-- EXERCISE INSTRUCTIONS --
In the records below, find each line that holds "directions" and return it.

-- RECORDS SUPPLIED --

.....

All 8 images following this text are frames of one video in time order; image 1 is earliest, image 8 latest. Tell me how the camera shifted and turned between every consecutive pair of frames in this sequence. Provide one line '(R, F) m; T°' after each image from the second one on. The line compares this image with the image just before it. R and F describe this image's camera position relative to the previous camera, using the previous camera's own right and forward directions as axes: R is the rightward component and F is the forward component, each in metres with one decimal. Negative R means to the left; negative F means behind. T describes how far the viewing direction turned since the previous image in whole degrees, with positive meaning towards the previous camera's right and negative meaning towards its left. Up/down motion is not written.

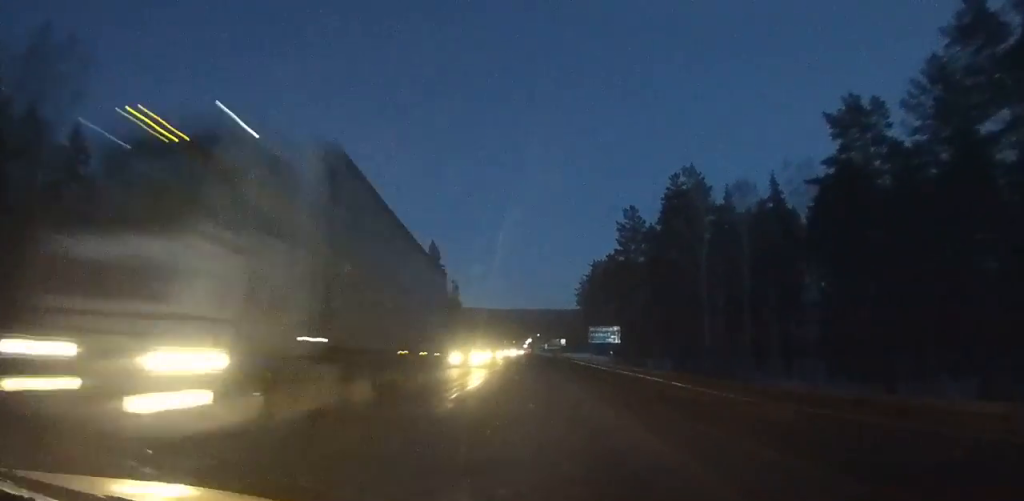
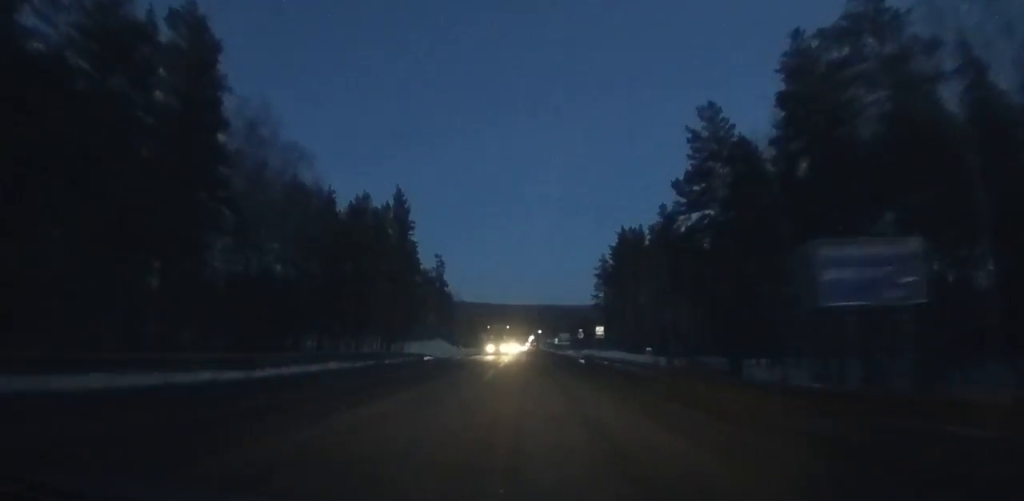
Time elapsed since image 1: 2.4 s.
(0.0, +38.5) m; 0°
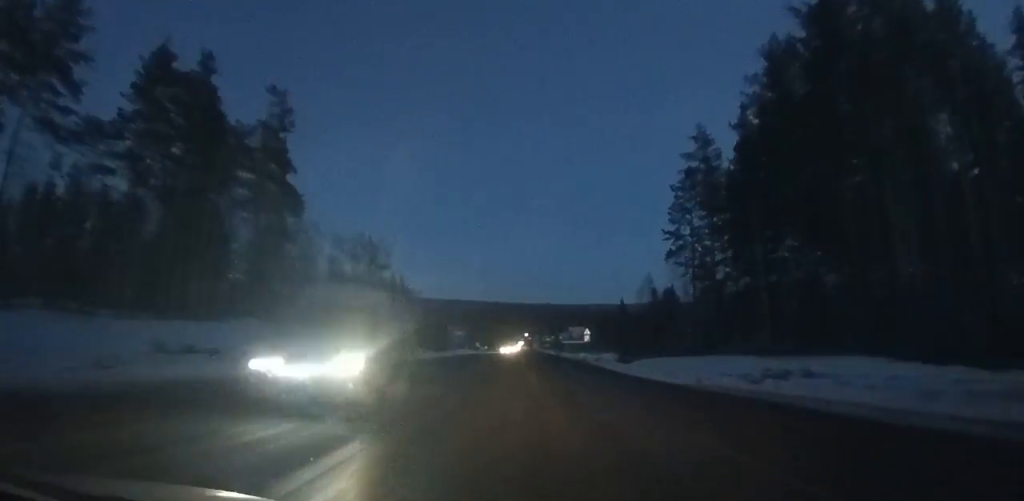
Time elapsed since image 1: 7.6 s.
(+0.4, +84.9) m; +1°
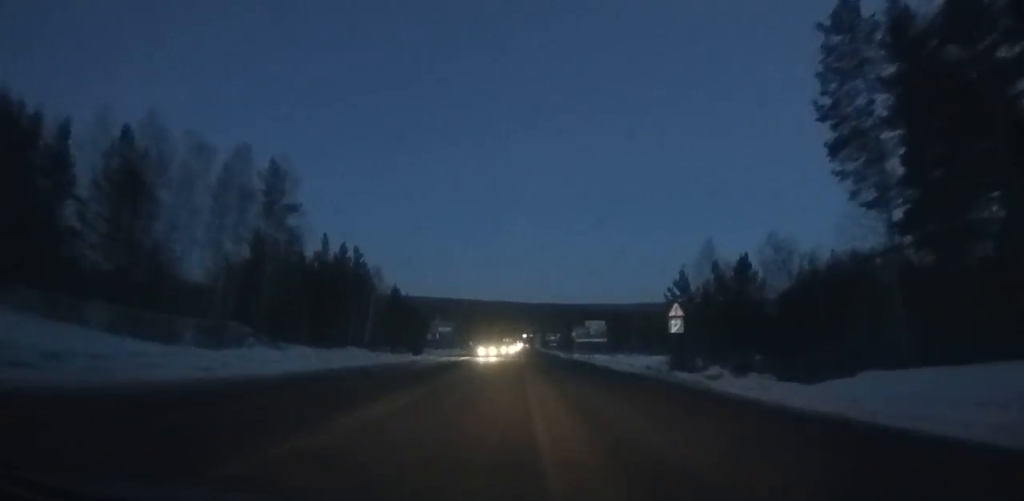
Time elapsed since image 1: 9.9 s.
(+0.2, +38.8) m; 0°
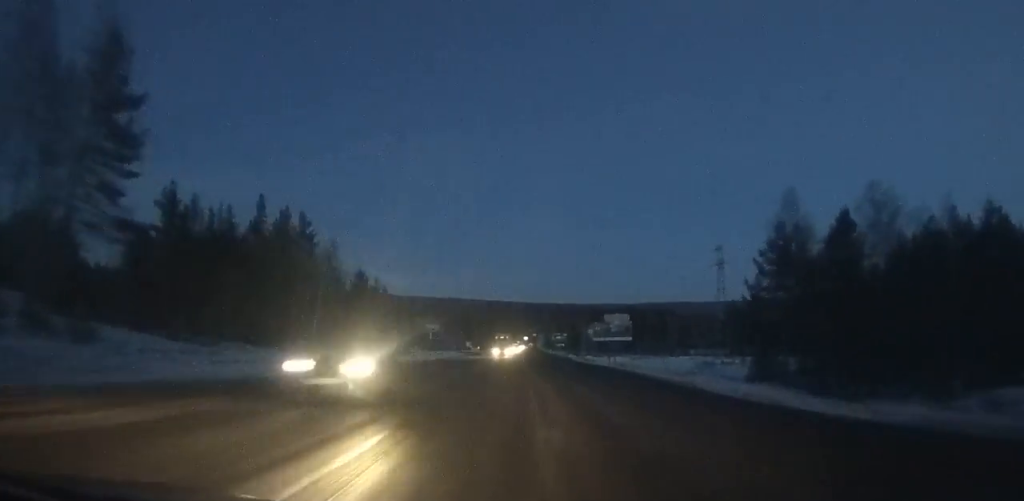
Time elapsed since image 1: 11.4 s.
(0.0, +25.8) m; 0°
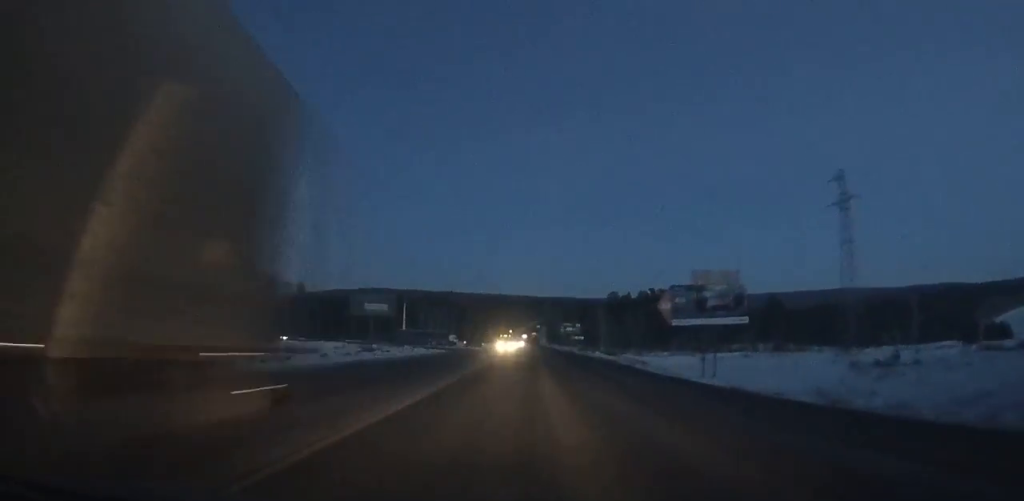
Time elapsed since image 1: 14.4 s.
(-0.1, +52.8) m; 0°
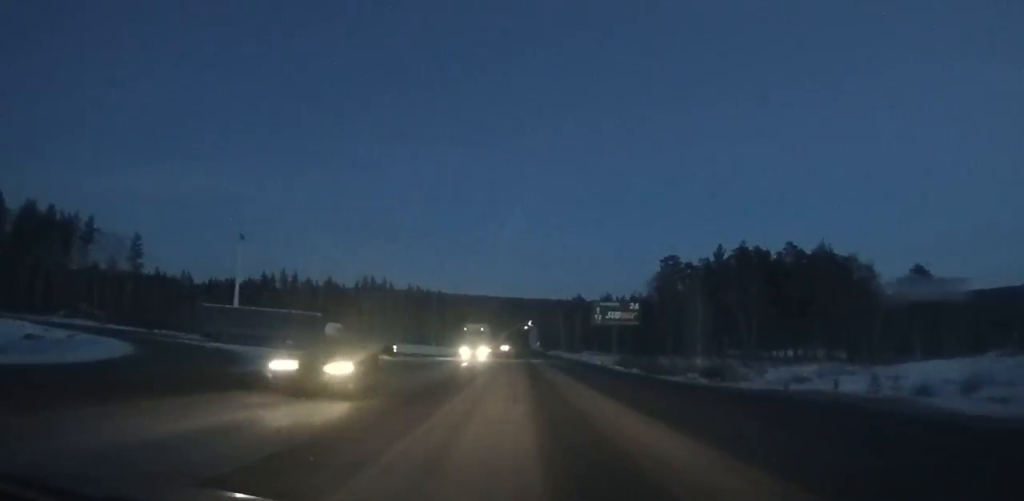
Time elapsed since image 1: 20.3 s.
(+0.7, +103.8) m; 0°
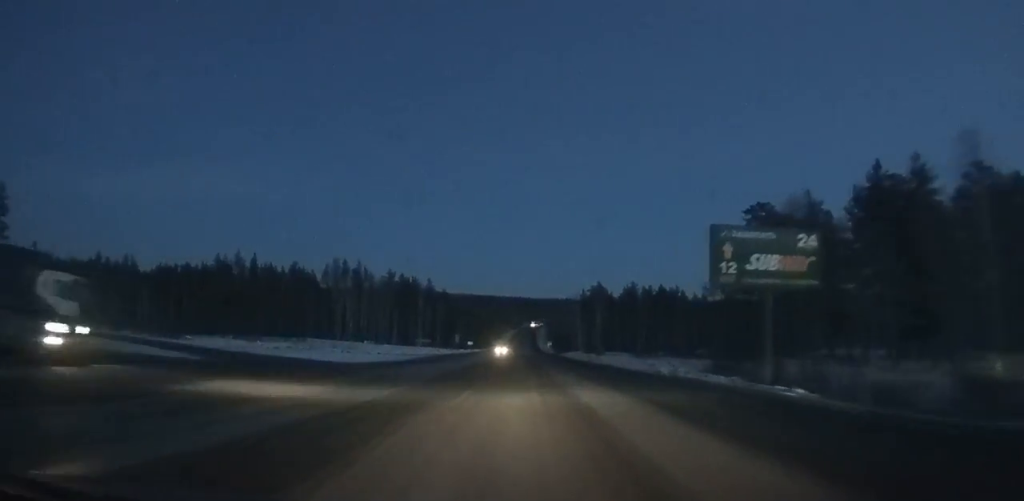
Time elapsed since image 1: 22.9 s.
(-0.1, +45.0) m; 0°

.....

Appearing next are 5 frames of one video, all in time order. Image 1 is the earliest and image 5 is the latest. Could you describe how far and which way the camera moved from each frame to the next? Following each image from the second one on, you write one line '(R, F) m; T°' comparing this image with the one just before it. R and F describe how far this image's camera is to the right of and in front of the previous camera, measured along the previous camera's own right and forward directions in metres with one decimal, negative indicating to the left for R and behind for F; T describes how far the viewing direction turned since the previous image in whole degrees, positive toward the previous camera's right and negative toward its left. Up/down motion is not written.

.....

-- TASK ANSWER --
All 8 images following this text are frames of one video in time order; image 1 is earliest, image 8 latest. Tell me how the camera shifted and turned between every consecutive pair of frames in this sequence. Provide one line '(R, F) m; T°' after each image from the second one on. The line compares this image with the image just before it. R and F describe this image's camera position relative to the previous camera, using the previous camera's own right and forward directions as axes: R is the rightward component and F is the forward component, each in metres with one decimal. Negative R means to the left; negative F means behind. T describes how far the viewing direction turned since the previous image in whole degrees, with positive meaning towards the previous camera's right and negative meaning towards its left. Up/down motion is not written.
Appearing next are 5 frames of one video, all in time order. Image 1 is the earliest and image 5 is the latest. Could you describe how far and which way the camera moved from each frame to the next? Following each image from the second one on, you write one line '(R, F) m; T°' comparing this image with the one just before it. R and F describe how far this image's camera is to the right of and in front of the previous camera, measured along the previous camera's own right and forward directions in metres with one decimal, negative indicating to the left for R and behind for F; T describes how far the viewing direction turned since the previous image in whole degrees, positive toward the previous camera's right and negative toward its left. Up/down motion is not written.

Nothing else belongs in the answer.